═════ Input data ═════

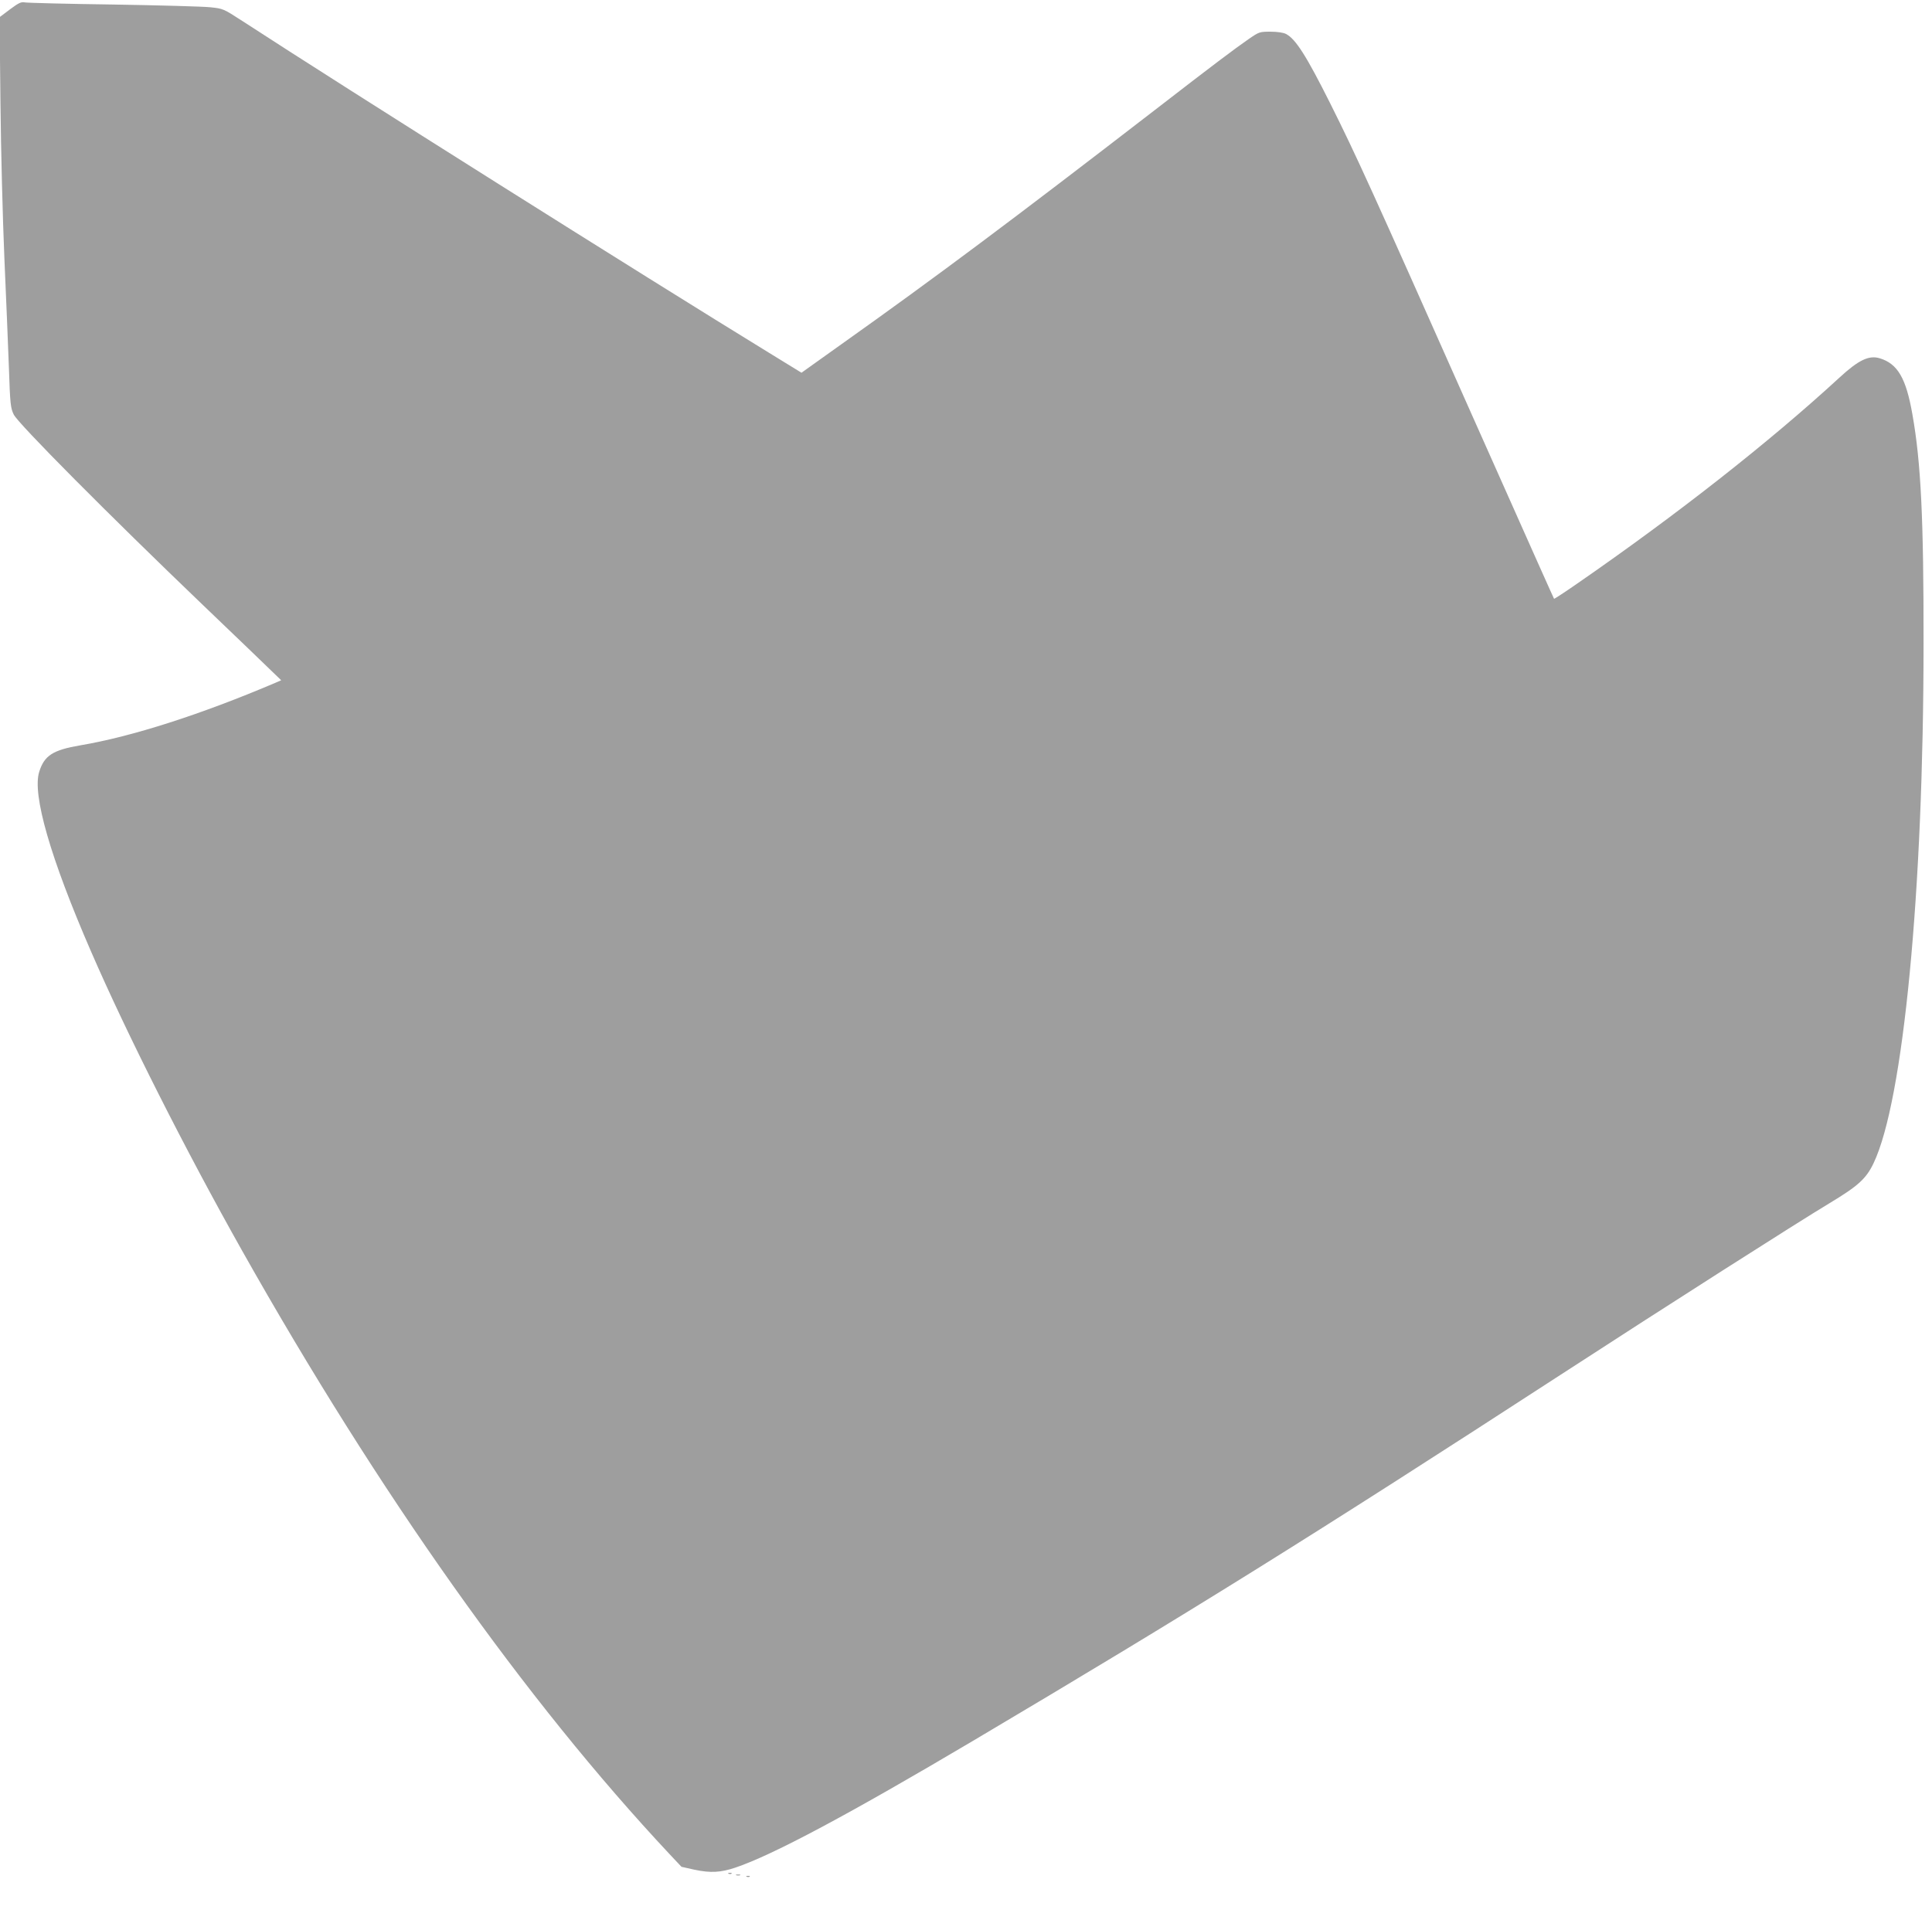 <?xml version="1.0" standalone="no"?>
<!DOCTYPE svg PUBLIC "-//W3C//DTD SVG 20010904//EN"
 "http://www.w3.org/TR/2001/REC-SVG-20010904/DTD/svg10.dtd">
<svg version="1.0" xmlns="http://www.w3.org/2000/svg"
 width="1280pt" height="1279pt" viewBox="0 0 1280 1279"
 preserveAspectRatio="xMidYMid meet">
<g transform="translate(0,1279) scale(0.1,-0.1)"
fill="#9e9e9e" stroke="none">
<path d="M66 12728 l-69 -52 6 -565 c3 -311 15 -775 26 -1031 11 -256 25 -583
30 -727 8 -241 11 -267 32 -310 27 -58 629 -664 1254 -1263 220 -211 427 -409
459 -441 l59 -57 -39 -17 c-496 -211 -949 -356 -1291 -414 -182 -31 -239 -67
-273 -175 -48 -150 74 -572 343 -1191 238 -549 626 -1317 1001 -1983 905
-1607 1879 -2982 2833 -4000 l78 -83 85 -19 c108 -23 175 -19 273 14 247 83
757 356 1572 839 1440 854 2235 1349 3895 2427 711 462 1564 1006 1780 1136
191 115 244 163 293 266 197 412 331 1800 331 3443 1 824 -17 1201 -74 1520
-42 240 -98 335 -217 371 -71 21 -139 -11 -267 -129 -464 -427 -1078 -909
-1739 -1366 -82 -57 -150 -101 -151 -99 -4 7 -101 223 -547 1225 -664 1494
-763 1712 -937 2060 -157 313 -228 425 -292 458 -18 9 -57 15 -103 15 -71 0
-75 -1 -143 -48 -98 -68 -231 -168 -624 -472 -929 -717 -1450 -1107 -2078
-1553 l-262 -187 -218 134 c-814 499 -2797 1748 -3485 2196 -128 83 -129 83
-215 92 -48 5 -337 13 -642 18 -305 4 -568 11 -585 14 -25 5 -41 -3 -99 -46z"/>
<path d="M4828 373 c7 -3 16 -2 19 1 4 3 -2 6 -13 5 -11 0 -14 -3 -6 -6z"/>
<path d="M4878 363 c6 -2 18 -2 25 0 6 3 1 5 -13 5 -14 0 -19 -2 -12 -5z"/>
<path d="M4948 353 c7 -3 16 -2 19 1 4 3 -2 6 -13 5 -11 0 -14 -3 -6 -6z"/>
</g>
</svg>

═════

_Assigned task_
Look above for the line containing "363 c6 -2 18". Return it and each line after it exactly, through the last line, and nothing more.

_Expected answer_
<path d="M4878 363 c6 -2 18 -2 25 0 6 3 1 5 -13 5 -14 0 -19 -2 -12 -5z"/>
<path d="M4948 353 c7 -3 16 -2 19 1 4 3 -2 6 -13 5 -11 0 -14 -3 -6 -6z"/>
</g>
</svg>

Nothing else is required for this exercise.